I’m actually sort of amazed that I’ve never used Turo before. In fact, I can count on one hand how many times I’ve even rented a car, period. U-Hauls? Oh yeah, I’ve lost track of how many old GMC C6500 trucks I’ve driven. But the last rental car that I’ve paid my own money for was a base model Toyota Corolla so I could drive into Johnson Valley to rip across the desert in a Can-Am Maverick. And that was almost a year ago!
What originally spurred this trip wasn’t something fun; I am to accompany my wife for some serious business. However, her business won’t take up the entire time that we will be there. So we are using this time as a sort of impromptu honeymoon. We’ve apparently been so busy that we’ve forgotten that whole part of marriage! That means that I’ll have some time to show her around Los Angeles and maybe some surrounding areas. Sheryl has never been to Los Angeles before, so I’m excited to explore with her. Honestly, I’m just excited to be away from Illinois, where the weather forecast has been calling for snow or negative temperatures. Hard pass. And to go exploring, we should get some sort of vehicle. Here’s my chance to pilot something that I haven’t driven before.
If you haven’t used Turo before, I’ll explain. Turo is a platform that works like Airbnb where regular people can rent vehicles to other regular people. It seems that the upshot of renting from Turo is not having to deal with boring airport rental cars or the boring airport rental process. Instead, there’s a whole library of exciting vehicles at your fingertips. Some of you are already priming your keyboards to type “rent a motorcycle!” As our resident winter-riding, scooter-off-roading daredevil motorcycle weirdo I have considered that. There’s even a sort of motorcycle “Turo” called Riders Share and the bikes appear to be dirt-cheap! But we think we want at least three wheels this time around. My goal for next year is to get my wife on two wheels so she can join me on her own machine. But that’s fine because that leaves us a whole world of wonderful vehicles to propel us around the state where you never find a dancefloor empty.

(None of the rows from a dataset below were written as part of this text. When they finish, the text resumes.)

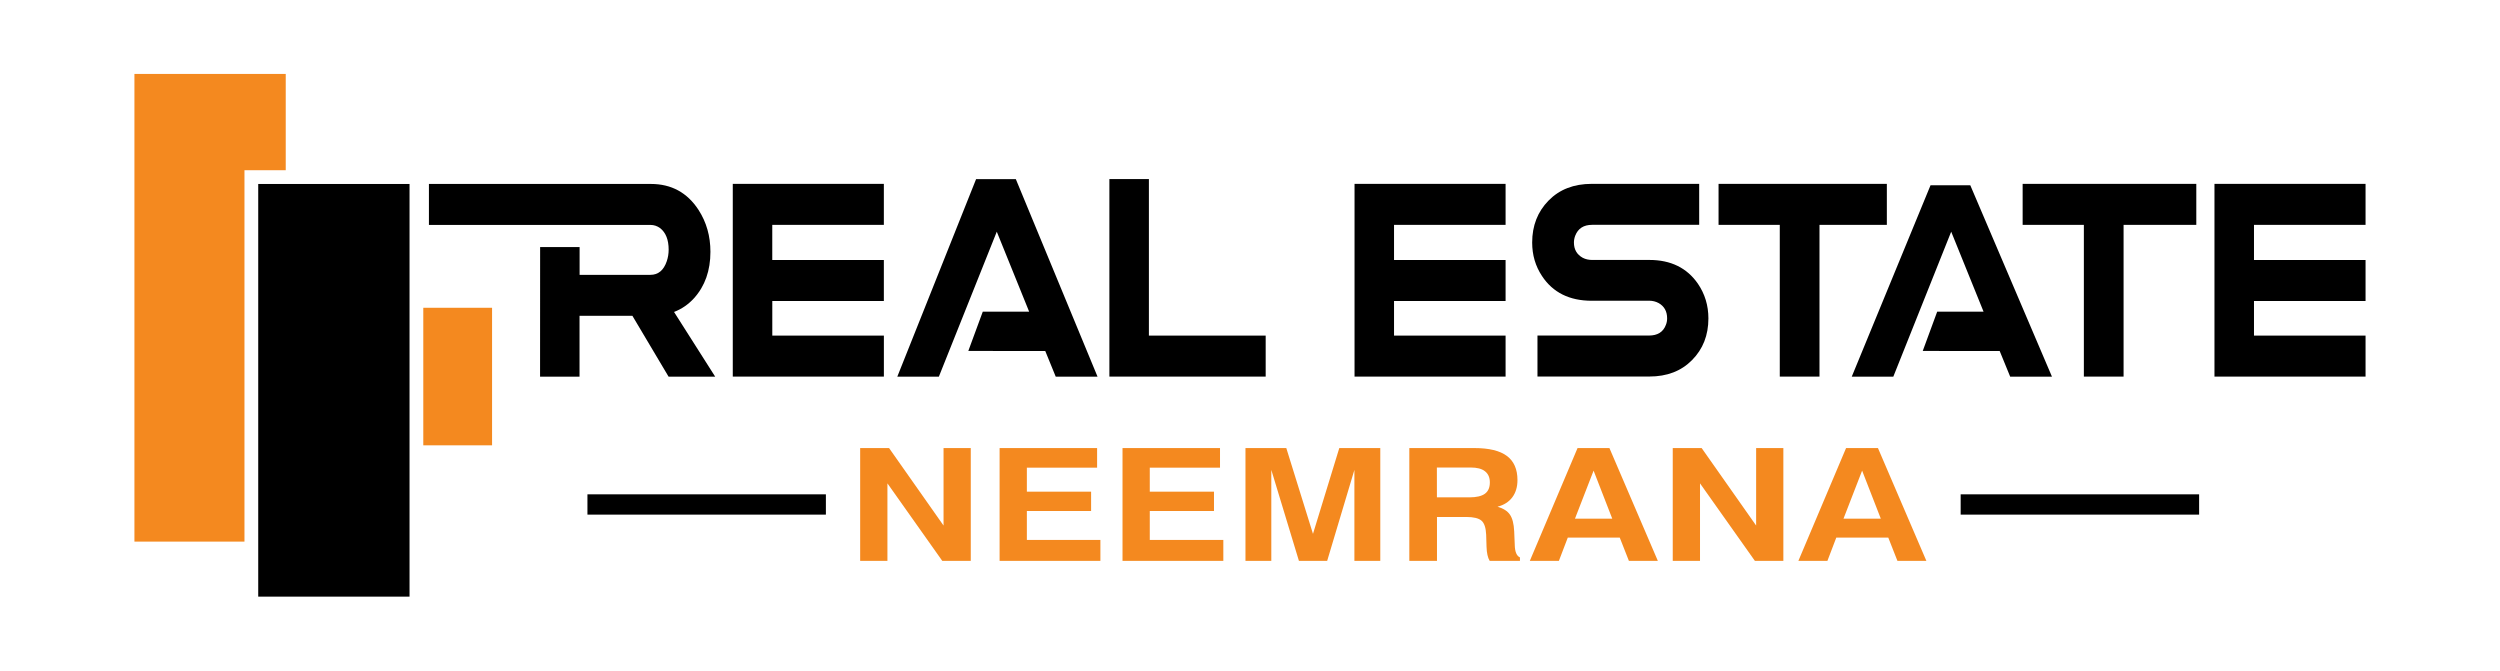 <?xml version="1.0" encoding="utf-8"?>
<!-- Generator: Adobe Illustrator 16.0.0, SVG Export Plug-In . SVG Version: 6.00 Build 0)  -->
<!DOCTYPE svg PUBLIC "-//W3C//DTD SVG 1.1//EN" "http://www.w3.org/Graphics/SVG/1.1/DTD/svg11.dtd">
<svg version="1.1" id="Layer_1" xmlns="http://www.w3.org/2000/svg" xmlns:xlink="http://www.w3.org/1999/xlink" x="0px" y="0px"
	 width="181.75px" height="48.75px" viewBox="0 0 181.75 48.75" enable-background="new 0 0 181.75 48.75" xml:space="preserve">
<g>
	<g>
		<g>
			<path d="M39.267,17.961h2.87v2.02h5.15c0.565,0,0.962-0.329,1.186-0.986c0.093-0.271,0.138-0.552,0.138-0.847
				c0-0.718-0.207-1.239-0.623-1.567c-0.214-0.152-0.446-0.229-0.698-0.229H31.183v-2.979h16.135c1.489,0,2.646,0.629,3.464,1.885
				c0.579,0.895,0.866,1.91,0.866,3.05c0,1.362-0.396,2.485-1.187,3.366c-0.416,0.457-0.9,0.791-1.458,1.005l2.991,4.704h-3.388
				l-2.63-4.424h-3.844v4.424h-2.869L39.267,17.961L39.267,17.961z"/>
			<path d="M56.146,21.883V24.4h8.112v2.979H53.273v-14.01h10.983v2.979h-8.112v2.556h8.112v2.979H56.146L56.146,21.883z"/>
			<path d="M70.396,25.514l1.051-2.854h3.373l-2.354-5.816l-4.211,10.539h-3.021l5.728-14.361h2.888l5.94,14.361h-3.039
				l-0.761-1.865L70.396,25.514L70.396,25.514z"/>
			<path d="M80.652,13.017h2.873V24.4h8.49v2.979H80.652V13.017z"/>
		</g>
		<g>
			<path d="M101.346,21.883V24.4h8.11v2.979H98.475v-14.01h10.981v2.979h-8.11v2.556h8.11v2.979H101.346L101.346,21.883z"/>
			<path d="M115.718,21.865c-1.62,0-2.827-0.603-3.614-1.798c-0.478-0.72-0.715-1.528-0.715-2.435c0-1.225,0.396-2.238,1.192-3.051
				c0.793-0.811,1.84-1.215,3.137-1.215h7.813v2.979h-7.782c-0.619,0-1.026,0.265-1.231,0.792c-0.062,0.165-0.093,0.329-0.093,0.495
				c0,0.504,0.216,0.875,0.64,1.109c0.203,0.105,0.433,0.157,0.687,0.157h4.162c1.551,0,2.729,0.577,3.524,1.728
				c0.506,0.742,0.763,1.582,0.763,2.521c0,1.225-0.396,2.229-1.188,3.031c-0.789,0.799-1.822,1.195-3.102,1.195h-8.137v-2.979
				h8.104c0.627,0,1.037-0.256,1.23-0.771c0.063-0.15,0.092-0.313,0.092-0.479c0-0.503-0.203-0.875-0.609-1.107
				c-0.213-0.117-0.447-0.176-0.713-0.176L115.718,21.865L115.718,21.865z"/>
			<path d="M124.939,16.348v-2.979h12.235v2.979h-4.897v11.033h-2.887V16.348H124.939z"/>
			<path d="M139.783,25.514l1.05-2.854h3.373l-2.354-5.816l-4.209,10.541h-3.021l5.728-13.916h2.89l5.938,13.916h-3.037
				l-0.763-1.865L139.783,25.514L139.783,25.514z"/>
			<path d="M147.046,16.348v-2.979h12.625v2.979h-5.287v11.033h-2.887V16.348H147.046z"/>
			<path d="M163.865,21.883V24.4h8.111v2.979h-10.984v-14.01h10.984v2.979h-8.111v2.556h8.111v2.979H163.865L163.865,21.883z"/>
		</g>
	</g>
	<g>
		<rect x="30.773" y="22.375" fill="#F4891F" width="5" height="10"/>
		<polygon fill="#F4891F" points="17.773,12.375 17.773,39.375 9.773,39.375 9.773,5.375 20.773,5.375 20.773,12.375 		"/>
		<rect x="18.773" y="13.375" width="11" height="30"/>
	</g>
	<g>
		<rect x="42.707" y="35.938" width="17.335" height="1.475"/>
		<rect x="142.54" y="35.938" width="17.336" height="1.475"/>
		<g>
			<path fill="#F4891F" d="M62.534,40.773v-8.199h2.101l3.961,5.633v-5.633h1.979v8.199h-2.073l-3.986-5.633v5.633H62.534z"/>
			<path fill="#F4891F" d="M72.671,40.773v-8.199h7.088v1.424h-5.106v1.748h4.67v1.402h-4.67v2.107h5.346v1.518H72.671z"/>
			<path fill="#F4891F" d="M81.607,40.773v-8.199h7.088v1.424h-5.106v1.748h4.668v1.402h-4.668v2.107h5.347v1.518H81.607z"/>
			<path fill="#F4891F" d="M90.546,40.773v-8.199h2.968l1.94,6.238l1.913-6.238h2.98v8.199h-1.882V34.16l-1.979,6.613h-2.055
				l-2.007-6.613v6.613H90.546z"/>
			<path fill="#F4891F" d="M102.458,40.773v-8.199h4.729c1.063,0,1.854,0.191,2.363,0.572c0.514,0.383,0.77,0.967,0.77,1.754
				c0,0.5-0.125,0.918-0.373,1.252c-0.25,0.334-0.609,0.563-1.076,0.686c0.424,0.125,0.727,0.318,0.902,0.578
				c0.18,0.26,0.283,0.664,0.309,1.213l0.041,0.971c0,0.008,0,0.02,0,0.031c0.014,0.49,0.139,0.787,0.377,0.893v0.25h-2.2
				c-0.069-0.113-0.125-0.256-0.161-0.426c-0.037-0.168-0.062-0.369-0.068-0.604l-0.026-0.863c-0.021-0.508-0.135-0.852-0.34-1.029
				s-0.574-0.268-1.108-0.268h-2.128v3.189H102.458L102.458,40.773z M104.464,36.158h2.358c0.513,0,0.888-0.088,1.129-0.262
				c0.24-0.174,0.361-0.449,0.361-0.824c0-0.355-0.117-0.625-0.353-0.809c-0.233-0.188-0.584-0.275-1.047-0.275h-2.451
				L104.464,36.158L104.464,36.158z"/>
			<path fill="#F4891F" d="M114.688,32.574h2.317l3.519,8.199h-2.104l-0.664-1.689h-3.778l-0.646,1.689h-2.113L114.688,32.574z
				 M115.854,34.215l-1.353,3.49h2.709L115.854,34.215z"/>
			<path fill="#F4891F" d="M121.609,40.773v-8.199h2.101l3.961,5.633v-5.633h1.979v8.199h-2.071l-3.988-5.633v5.633H121.609z"/>
			<path fill="#F4891F" d="M134.21,32.574h2.317l3.519,8.199h-2.104l-0.664-1.689h-3.78l-0.644,1.689h-2.111L134.21,32.574z
				 M135.376,34.215l-1.353,3.49h2.711L135.376,34.215z"/>
		</g>
	</g>
</g>
</svg>

Before we continue I should give you some basic requirements and some context. It looks like we’ll be experiencing some warm 70-degree temperatures by day and high 40s at night. To my corn-fed hardened Midwestern body, that’s summer! So I have this idea to get something with a drop-top, or perhaps no roof at all. Sheryl also likes the idea of a drop-top, but she gets cold far sooner than I do, so we’re not sure. The other factor to consider is price. I don’t want to spend more than $125 a day. Alright, let’s have some fun and rent someone else’s car!
What should we rent? To give you an idea of where our heads are at, here’s what we’ve been considering:
Polaris Slingshot – $53-$125/Day
This is something that I’ve always wanted to drive. The Polaris Slingshot is neither a car nor is it a motorcycle. And it’s not like the ElectraMeccanica in being a three-wheeled vehicle that tries to be a car. Instead, it’s a wild plaything that I’ve seen people having lots of fun in. And I’ve seen others decked out in underglow, huge wheels, massive speakers, and custom artwork. It seems that a Slingshot is an experience. In this $53 a day Slingshot SL, there’s a 2.0-liter four making 178 HP and driving the rear wheel through an automatic, though there are also manual versions that are on Turo. Paying more seems to bump you up to the Slingshot R, which gets you to 203 HP. The Slingshot sounds like my kind of silly!
Smart Fortwo – $28-$32/Day
As a cheapskate, I have to admit that being able to rent a second-generation Smart Fortwo for just $28 a day or a third-generation for just $32 a day is alluring. Sure, I know these cars inside and out, so I won’t be trying anything new. I’ve even driven a Smart in Los Angeles, so it won’t even be driving a familiar car in a new place. But those prices are so cheap! And I could even find one in convertible form for $36 a day.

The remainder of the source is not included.